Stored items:
++++++++++++++++++++
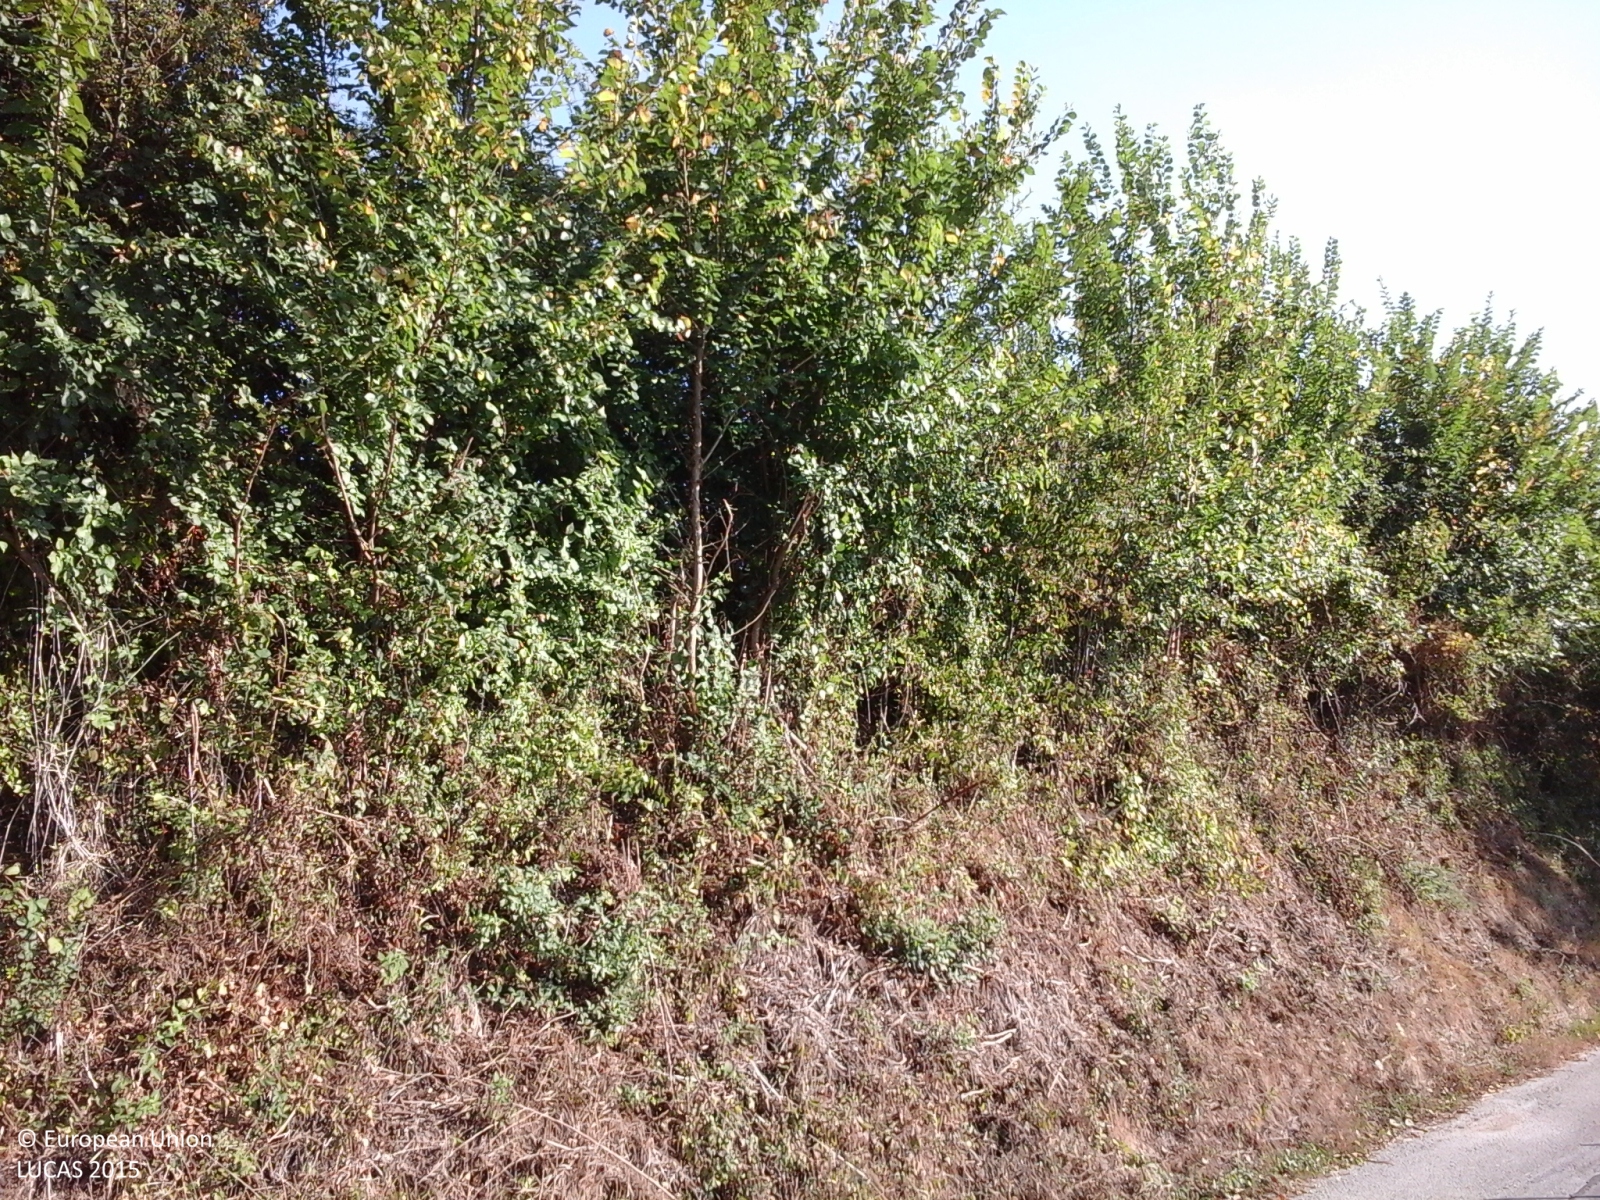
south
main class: Woodland
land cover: Broadleaved woodland
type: thermophilous deciduous forest
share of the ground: > 75 %
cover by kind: broadleaved forest trees 85 %, shrubs 10 %, herbaceous plants 5 %
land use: Semi-natural and natural areas not in use
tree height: > 5 m
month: September
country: IT
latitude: 41.5732
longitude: 14.1705
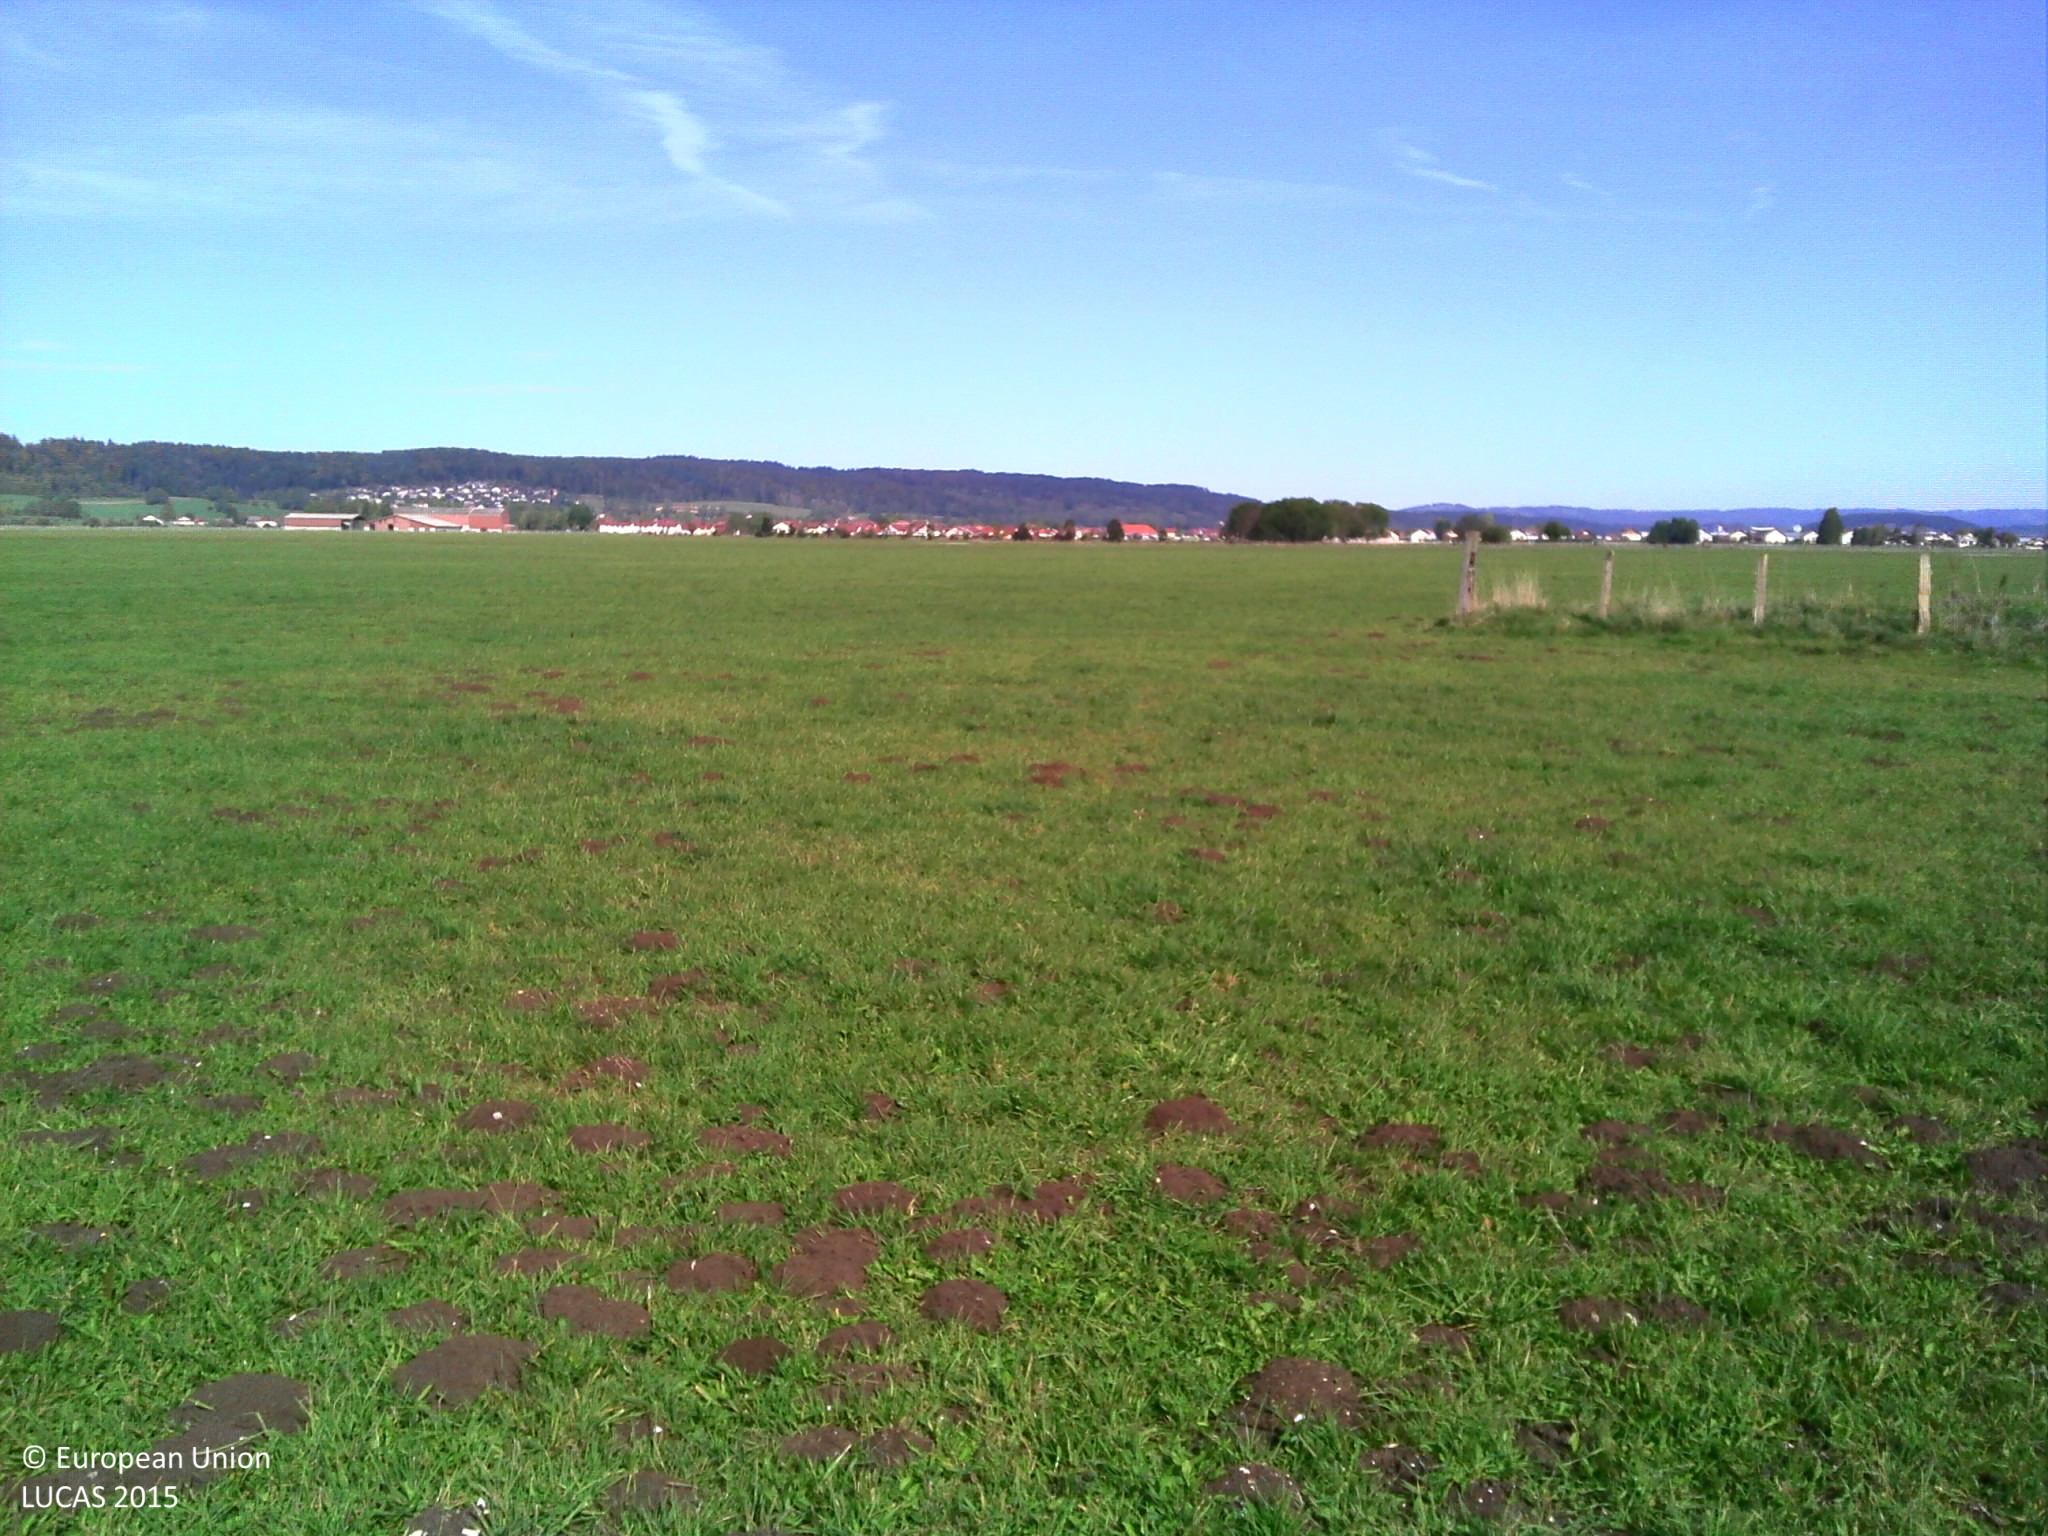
++++++++++++++++++++
§ **REQUIREMENT**:
Return the records above exactly, without the pictures.

§ **SOLUTION**:
south
main class: Woodland
land cover: Broadleaved woodland
type: thermophilous deciduous forest
share of the ground: > 75 %
cover by kind: broadleaved forest trees 85 %, shrubs 10 %, herbaceous plants 5 %
land use: Semi-natural and natural areas not in use
tree height: > 5 m
month: September
country: IT
latitude: 41.5732
longitude: 14.1705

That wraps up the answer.